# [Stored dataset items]
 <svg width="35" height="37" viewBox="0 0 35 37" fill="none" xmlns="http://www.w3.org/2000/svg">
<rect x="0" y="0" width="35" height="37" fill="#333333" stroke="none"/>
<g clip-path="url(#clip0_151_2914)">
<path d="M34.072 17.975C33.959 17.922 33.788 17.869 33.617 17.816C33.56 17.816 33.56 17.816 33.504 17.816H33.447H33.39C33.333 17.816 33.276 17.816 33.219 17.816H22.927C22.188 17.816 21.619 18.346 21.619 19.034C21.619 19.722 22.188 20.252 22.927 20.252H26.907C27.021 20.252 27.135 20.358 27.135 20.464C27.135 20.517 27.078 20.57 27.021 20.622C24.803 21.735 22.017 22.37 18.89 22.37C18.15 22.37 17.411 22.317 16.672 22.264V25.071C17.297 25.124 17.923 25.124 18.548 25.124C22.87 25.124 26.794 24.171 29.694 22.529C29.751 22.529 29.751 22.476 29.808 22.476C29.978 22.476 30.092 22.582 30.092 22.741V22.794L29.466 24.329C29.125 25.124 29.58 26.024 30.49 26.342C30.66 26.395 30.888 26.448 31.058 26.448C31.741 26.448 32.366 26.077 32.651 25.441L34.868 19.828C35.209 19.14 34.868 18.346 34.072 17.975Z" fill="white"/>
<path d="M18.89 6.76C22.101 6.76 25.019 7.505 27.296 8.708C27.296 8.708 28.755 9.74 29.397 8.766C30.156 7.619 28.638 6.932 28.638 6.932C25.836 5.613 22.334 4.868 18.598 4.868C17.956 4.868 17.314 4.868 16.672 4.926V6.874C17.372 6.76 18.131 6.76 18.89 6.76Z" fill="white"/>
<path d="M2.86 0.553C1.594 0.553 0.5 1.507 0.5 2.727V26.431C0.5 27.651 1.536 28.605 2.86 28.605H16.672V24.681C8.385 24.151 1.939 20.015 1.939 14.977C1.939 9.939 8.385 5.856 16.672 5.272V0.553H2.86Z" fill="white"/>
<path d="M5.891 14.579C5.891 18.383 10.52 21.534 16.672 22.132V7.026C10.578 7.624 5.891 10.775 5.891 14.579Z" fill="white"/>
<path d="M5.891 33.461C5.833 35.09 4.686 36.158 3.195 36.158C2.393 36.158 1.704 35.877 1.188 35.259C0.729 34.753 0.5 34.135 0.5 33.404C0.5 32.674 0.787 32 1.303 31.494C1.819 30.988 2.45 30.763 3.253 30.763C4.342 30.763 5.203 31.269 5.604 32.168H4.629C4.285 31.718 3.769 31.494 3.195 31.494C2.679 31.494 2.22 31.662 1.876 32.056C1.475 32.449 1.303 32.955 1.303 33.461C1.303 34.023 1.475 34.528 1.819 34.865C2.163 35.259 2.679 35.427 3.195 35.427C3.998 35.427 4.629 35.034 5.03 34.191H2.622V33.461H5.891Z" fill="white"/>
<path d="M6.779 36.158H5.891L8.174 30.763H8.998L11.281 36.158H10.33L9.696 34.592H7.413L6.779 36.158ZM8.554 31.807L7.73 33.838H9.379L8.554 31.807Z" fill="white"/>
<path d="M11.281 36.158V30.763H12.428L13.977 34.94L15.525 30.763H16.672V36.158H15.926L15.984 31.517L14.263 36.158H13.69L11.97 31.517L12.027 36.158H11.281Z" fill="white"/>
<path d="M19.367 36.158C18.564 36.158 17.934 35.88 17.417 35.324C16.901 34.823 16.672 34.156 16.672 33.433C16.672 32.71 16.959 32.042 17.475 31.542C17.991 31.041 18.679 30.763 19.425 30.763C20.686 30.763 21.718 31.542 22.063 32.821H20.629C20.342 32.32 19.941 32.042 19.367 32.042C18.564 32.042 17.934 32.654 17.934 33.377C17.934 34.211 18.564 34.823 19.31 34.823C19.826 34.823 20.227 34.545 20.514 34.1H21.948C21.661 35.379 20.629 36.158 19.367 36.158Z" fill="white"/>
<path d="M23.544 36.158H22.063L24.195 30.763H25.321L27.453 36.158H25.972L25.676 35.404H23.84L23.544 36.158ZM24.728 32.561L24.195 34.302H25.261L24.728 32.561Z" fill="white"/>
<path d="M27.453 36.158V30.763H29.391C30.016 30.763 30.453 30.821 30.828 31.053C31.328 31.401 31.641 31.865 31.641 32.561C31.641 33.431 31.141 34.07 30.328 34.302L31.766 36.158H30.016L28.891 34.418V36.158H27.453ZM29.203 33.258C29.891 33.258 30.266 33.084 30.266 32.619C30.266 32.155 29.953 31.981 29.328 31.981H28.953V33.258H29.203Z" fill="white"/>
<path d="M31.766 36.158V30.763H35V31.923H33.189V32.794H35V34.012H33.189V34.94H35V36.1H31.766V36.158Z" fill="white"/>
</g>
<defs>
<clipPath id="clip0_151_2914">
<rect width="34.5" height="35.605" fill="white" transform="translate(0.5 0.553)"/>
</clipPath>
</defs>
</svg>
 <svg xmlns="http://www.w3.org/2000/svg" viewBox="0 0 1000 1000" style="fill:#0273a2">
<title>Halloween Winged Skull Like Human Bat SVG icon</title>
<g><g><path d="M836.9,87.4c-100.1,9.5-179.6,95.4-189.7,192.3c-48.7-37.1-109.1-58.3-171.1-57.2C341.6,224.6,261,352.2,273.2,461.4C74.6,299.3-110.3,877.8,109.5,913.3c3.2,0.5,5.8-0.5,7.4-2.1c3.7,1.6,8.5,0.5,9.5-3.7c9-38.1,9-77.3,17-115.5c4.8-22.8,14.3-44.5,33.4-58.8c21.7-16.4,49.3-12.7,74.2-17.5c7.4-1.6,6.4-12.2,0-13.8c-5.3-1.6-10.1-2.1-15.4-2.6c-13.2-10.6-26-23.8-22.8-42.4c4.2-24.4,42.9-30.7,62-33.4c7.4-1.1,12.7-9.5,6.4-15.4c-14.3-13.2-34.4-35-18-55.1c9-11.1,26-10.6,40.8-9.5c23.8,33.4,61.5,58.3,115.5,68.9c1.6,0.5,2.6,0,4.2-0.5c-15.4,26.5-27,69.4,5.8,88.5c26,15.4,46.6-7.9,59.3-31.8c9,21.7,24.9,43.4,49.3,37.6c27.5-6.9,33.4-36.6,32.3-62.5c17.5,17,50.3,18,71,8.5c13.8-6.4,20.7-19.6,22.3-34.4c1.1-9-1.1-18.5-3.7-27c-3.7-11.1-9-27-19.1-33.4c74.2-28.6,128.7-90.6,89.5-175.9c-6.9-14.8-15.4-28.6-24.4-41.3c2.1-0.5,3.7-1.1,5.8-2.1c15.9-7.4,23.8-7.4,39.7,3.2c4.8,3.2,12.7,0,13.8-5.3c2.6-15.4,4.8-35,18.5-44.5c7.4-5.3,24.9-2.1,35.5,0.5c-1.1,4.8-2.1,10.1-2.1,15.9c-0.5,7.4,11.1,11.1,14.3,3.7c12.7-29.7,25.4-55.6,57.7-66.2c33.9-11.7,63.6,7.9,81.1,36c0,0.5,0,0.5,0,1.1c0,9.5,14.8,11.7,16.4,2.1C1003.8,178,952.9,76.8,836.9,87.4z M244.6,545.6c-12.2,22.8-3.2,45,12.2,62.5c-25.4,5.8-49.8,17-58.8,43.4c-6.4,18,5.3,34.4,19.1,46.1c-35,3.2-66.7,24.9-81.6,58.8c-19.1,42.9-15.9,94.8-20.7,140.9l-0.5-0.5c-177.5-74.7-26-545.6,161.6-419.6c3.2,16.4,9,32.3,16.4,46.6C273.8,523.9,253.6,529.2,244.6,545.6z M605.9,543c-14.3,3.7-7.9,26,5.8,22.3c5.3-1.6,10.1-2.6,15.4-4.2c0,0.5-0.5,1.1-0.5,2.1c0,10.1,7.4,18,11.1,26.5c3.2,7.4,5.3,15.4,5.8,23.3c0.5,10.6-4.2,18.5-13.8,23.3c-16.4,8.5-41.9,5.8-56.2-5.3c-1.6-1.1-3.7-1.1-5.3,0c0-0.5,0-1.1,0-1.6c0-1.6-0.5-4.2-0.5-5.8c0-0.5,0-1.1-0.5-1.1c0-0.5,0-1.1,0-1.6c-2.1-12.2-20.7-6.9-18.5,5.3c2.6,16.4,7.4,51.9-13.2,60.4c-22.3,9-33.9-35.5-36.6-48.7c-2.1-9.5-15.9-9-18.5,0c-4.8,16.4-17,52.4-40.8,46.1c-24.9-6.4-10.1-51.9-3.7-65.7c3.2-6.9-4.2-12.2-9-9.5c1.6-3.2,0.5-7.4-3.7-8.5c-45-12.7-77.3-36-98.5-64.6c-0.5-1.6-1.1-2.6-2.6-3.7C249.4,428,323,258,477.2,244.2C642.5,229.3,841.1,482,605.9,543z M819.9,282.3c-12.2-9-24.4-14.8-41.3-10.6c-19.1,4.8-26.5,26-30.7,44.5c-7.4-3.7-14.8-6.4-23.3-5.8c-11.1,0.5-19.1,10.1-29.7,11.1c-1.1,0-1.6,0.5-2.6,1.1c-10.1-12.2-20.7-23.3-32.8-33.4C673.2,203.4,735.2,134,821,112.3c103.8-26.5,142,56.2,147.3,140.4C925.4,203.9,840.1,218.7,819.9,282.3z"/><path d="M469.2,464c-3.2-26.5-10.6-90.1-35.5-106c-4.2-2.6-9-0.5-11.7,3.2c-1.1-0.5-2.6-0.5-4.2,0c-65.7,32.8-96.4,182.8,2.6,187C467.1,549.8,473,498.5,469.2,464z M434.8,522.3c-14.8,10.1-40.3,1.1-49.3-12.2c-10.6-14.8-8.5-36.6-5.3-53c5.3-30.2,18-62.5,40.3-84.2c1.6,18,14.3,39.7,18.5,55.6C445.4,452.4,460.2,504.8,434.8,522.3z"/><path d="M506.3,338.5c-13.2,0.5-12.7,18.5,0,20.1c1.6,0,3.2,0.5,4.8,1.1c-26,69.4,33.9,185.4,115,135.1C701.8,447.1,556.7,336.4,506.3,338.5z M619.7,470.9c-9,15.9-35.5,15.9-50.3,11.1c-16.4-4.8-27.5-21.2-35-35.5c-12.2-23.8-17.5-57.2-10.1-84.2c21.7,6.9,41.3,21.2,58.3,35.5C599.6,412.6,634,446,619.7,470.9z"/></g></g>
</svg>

# [Your goal]
The lines to return begin at the first line of the records and end at the line holding "14.579C5.891 18.383 10.52"; please return them exactly, including both, and nothing beyond.

# [Exercise response]
 <svg width="35" height="37" viewBox="0 0 35 37" fill="none" xmlns="http://www.w3.org/2000/svg">
<rect x="0" y="0" width="35" height="37" fill="#333333" stroke="none"/>
<g clip-path="url(#clip0_151_2914)">
<path d="M34.072 17.975C33.959 17.922 33.788 17.869 33.617 17.816C33.56 17.816 33.56 17.816 33.504 17.816H33.447H33.39C33.333 17.816 33.276 17.816 33.219 17.816H22.927C22.188 17.816 21.619 18.346 21.619 19.034C21.619 19.722 22.188 20.252 22.927 20.252H26.907C27.021 20.252 27.135 20.358 27.135 20.464C27.135 20.517 27.078 20.57 27.021 20.622C24.803 21.735 22.017 22.37 18.89 22.37C18.15 22.37 17.411 22.317 16.672 22.264V25.071C17.297 25.124 17.923 25.124 18.548 25.124C22.87 25.124 26.794 24.171 29.694 22.529C29.751 22.529 29.751 22.476 29.808 22.476C29.978 22.476 30.092 22.582 30.092 22.741V22.794L29.466 24.329C29.125 25.124 29.58 26.024 30.49 26.342C30.66 26.395 30.888 26.448 31.058 26.448C31.741 26.448 32.366 26.077 32.651 25.441L34.868 19.828C35.209 19.14 34.868 18.346 34.072 17.975Z" fill="white"/>
<path d="M18.89 6.76C22.101 6.76 25.019 7.505 27.296 8.708C27.296 8.708 28.755 9.74 29.397 8.766C30.156 7.619 28.638 6.932 28.638 6.932C25.836 5.613 22.334 4.868 18.598 4.868C17.956 4.868 17.314 4.868 16.672 4.926V6.874C17.372 6.76 18.131 6.76 18.89 6.76Z" fill="white"/>
<path d="M2.86 0.553C1.594 0.553 0.5 1.507 0.5 2.727V26.431C0.5 27.651 1.536 28.605 2.86 28.605H16.672V24.681C8.385 24.151 1.939 20.015 1.939 14.977C1.939 9.939 8.385 5.856 16.672 5.272V0.553H2.86Z" fill="white"/>
<path d="M5.891 14.579C5.891 18.383 10.52 21.534 16.672 22.132V7.026C10.578 7.624 5.891 10.775 5.891 14.579Z" fill="white"/>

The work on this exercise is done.